Denmark and the U.S. are set to meet this week to discuss president Trump’s desire to acquire Greenland. Secretary of State Marco Rubio recently hinted at President Trump’s willingness to use military force to seize the island. In a closed-door meeting with members of Congress, Rubio reportedly insisted that the administration’s real goal is to purchase Greenland. A growing number of key Republicans in Congress now publicly oppose pressuring Denmark into selling Greenland. More than 90% of Americans disapprove of using force to annex Greenland.
Citizens and elected officials are right to oppose any attempt to formally add Greenland to the United States. The public discourse, though, has largely missed the mark in articulating why the administration should avoid this temptation. One commonly cited reason for opposing the acquisition of Greenland is that doing so would be “stupid.” Sen. Thom Tillis recently said that he is “sick of stupid,” while Sen. John Kennedy called the idea of an invasion “weapons-grade stupid.” Another line of argument is that antagonizing Denmark would undercut NATO, which could lead to a less stable world. This scenario, argues New York Times columnist David French, would likely lead to the return of great power wars.
Neither of these positions truly engages with Trump’s stance on Greenland. To show why restraint here is the right move, it is vital to have a clear picture of the world today.

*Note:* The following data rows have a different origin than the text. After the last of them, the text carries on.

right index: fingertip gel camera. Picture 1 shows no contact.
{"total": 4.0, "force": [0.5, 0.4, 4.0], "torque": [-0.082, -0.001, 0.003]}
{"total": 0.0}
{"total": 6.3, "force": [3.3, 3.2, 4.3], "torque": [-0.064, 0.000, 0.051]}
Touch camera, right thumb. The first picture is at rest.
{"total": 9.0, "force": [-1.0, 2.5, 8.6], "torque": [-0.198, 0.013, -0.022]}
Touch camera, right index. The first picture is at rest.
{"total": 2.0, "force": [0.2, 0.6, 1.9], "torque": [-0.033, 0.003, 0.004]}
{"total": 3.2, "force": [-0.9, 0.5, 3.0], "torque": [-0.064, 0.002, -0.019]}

First, it is important to note that Greenland is strategically important now and will remain so for the rest of this century. It contains important natural resources, is located in a militarily advantageous position on the Arctic sea, and is a potential choke point for increasingly lucrative trade routes. Next, it is important to note that Denmark has been an excellent ally to the U.S. In 1951, the two countries agreed on a plan for Americans to provide for Greenland’s defense. In the ensuing 75 years, Denmark has consistently granted American requests for security cooperation. Even the State Department’s current website praises Denmark for its ample contributions to American interests.
The longstanding arrangement allows for U.S. forces to be stationed in Greenland and there is no reason to believe Denmark is considering retracting that permission. Furthermore, the U.S. will have to prioritize where and how it engages with military allies in the coming few decades. The U.S. now struggles to build naval ships. The war in Ukraine continues to drag on, soon to be entering its fifth year. China remains aggressive in the western Pacific. American military analysts remain worried that Xi will attempt to take Taiwan by 2027. The Middle East remains chaotic, in spite of Iran and Hezbollah’s degraded capabilities. Meanwhile, the U.S. military is struggling to retain troops, even though recent recruitment has gone up. Servicemembers who do leave are disproportionately likely to possess hard-to-replace skills.

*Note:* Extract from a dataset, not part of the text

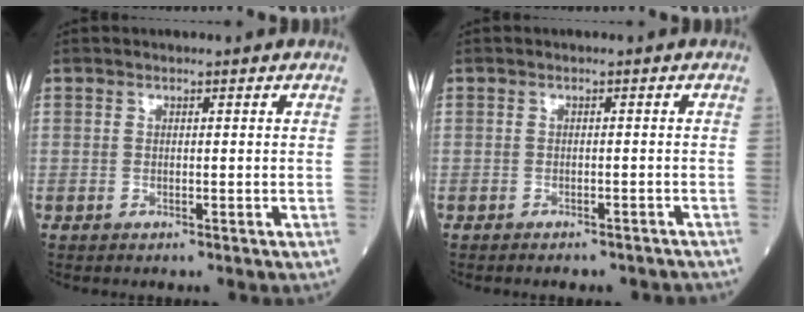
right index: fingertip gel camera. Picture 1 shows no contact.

In this environment it is not cowardice, but prudence to choose carefully how the U.S. invests its resources. This includes material and personnel assets, as well as political capital. Talk that the U.S. must do everything for every ally in order to maintain credibility is overblown. And yet, it is hard to imagine a more antagonistic move against a more helpful ally than the U.S. coercively (whether that be by force or by imposing an annexation agreement) taking Greenland from Denmark. Doing so would violate both the letter and spirit not only of NATO’s charter, but of the bilateral agreement that governs American-Danish cooperation via Greenland. National interests can change over time, but a country’s leadership ought to be selective at when and how it deviates from its agreed to treaty obligations.
In this case, the Trump administration is right to insist on the strategic importance of Greenland. It is misguided, though, to think that the bully pulpit is the way to secure American prosperity in the Arctic region. Continuing to work closely with Denmark, while looking for opportunities to align American resources with American priorities is the best path forward.

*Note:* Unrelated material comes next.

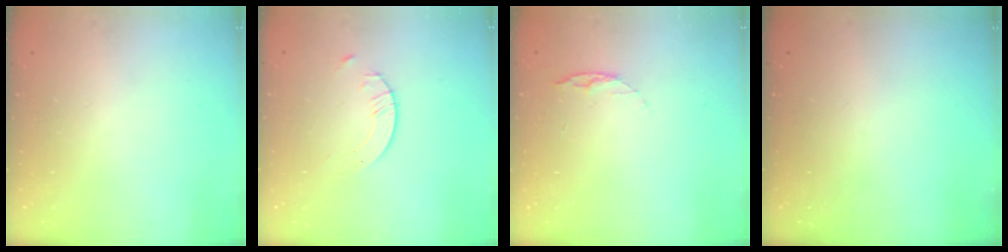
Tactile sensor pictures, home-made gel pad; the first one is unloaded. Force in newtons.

Last year’s National Security Strategy report argues that “a strategy must evaluate, sort, and prioritize." It goes on to say that the administration wants “to maintain the United States’ unrivaled soft power through which [the U.S.] exercises positive influence throughout the world.” In order to keep (or regain) this advantage the U.S. should treat its most important and cooperative allies well. The U.S. does not (as the National Security Strategy puts it) have to continue “propping up the entire world like Atlas,” but it benefits Washington to act with honesty, respect, and fairness toward its partners.